3.  Chain termination: Termination of polypeptide chain synthesis occurs at a stop codon, codons that do not code for an amino acid. The polypeptide chain is enzymatically cleaved from the last tRNA, and it leaves the ribosome, which dissociates into its 2 subunits.

 During translation, the codons of mRNA base pair with the anticodons of tRNA molecules carrying specific amino acids.  The order of the codons determines the order of the tRNA molecules and the sequence of amino acids in a polypeptide.

Gene Expression in Review

1. DNA contains genetic information. The sequence of its bases determines the sequence of amino acids in a protein.

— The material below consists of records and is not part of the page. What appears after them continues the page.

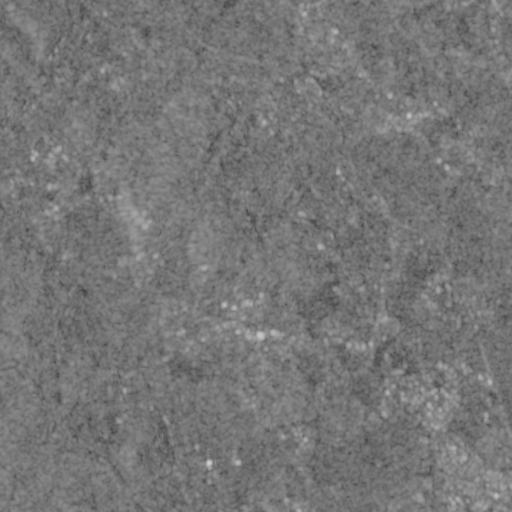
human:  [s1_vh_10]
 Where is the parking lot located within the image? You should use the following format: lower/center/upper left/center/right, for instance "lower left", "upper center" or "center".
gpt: The parking lot is located in the lower right of the image.
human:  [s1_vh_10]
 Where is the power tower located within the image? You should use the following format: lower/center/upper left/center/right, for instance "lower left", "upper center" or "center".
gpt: The power tower is located in the lower of the image.
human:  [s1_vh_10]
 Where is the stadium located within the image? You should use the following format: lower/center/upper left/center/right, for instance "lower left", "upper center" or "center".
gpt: The stadium is located in the lower right of the image.
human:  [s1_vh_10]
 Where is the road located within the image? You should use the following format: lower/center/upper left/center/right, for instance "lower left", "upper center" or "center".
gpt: There is no road in the image.

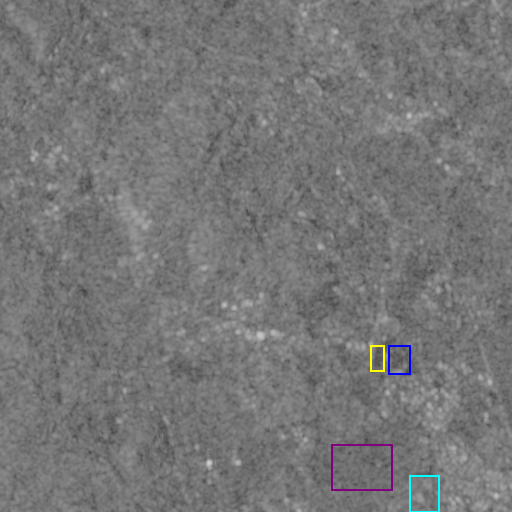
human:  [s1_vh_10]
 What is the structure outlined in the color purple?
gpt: The structure outlined in purple is a crop field.
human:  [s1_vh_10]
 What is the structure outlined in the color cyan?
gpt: The structure outlined in cyan is a park.
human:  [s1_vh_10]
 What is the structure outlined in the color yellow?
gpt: The structure outlined in yellow is a parking lot.
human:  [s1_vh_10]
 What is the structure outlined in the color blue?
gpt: The structure outlined in blue is a stadium.
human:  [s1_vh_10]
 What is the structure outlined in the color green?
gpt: There is no green outline.
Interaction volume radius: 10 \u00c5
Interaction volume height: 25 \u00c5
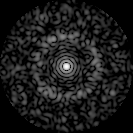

2. During transcription, one strand of DNA serves as a template for the formation of messenger RNA (mRNA). The bases in mRNA are complementary to those in DNA; every 3 bases is a codon that codes for an amino acid.

3. Messenger RNA is processed before it leaves the nucleus, during which time the introns are removed.

4. Messenger RNA carries a sequence of codons to the ribosomes, which are composed of ribosomal RNA (rRNA) and proteins.

5. Transfer RNA (tRNA) molecules, each of which is bonded to a particular amino acid, have anticodons that pair complementarily to the codons in mRNA.

6. During translation, tRNA molecules and their attached amino acids arrive at the ribosomes and the linear sequence of codons of the mRNA determines the order in which the amino acids become incorporated into a protein.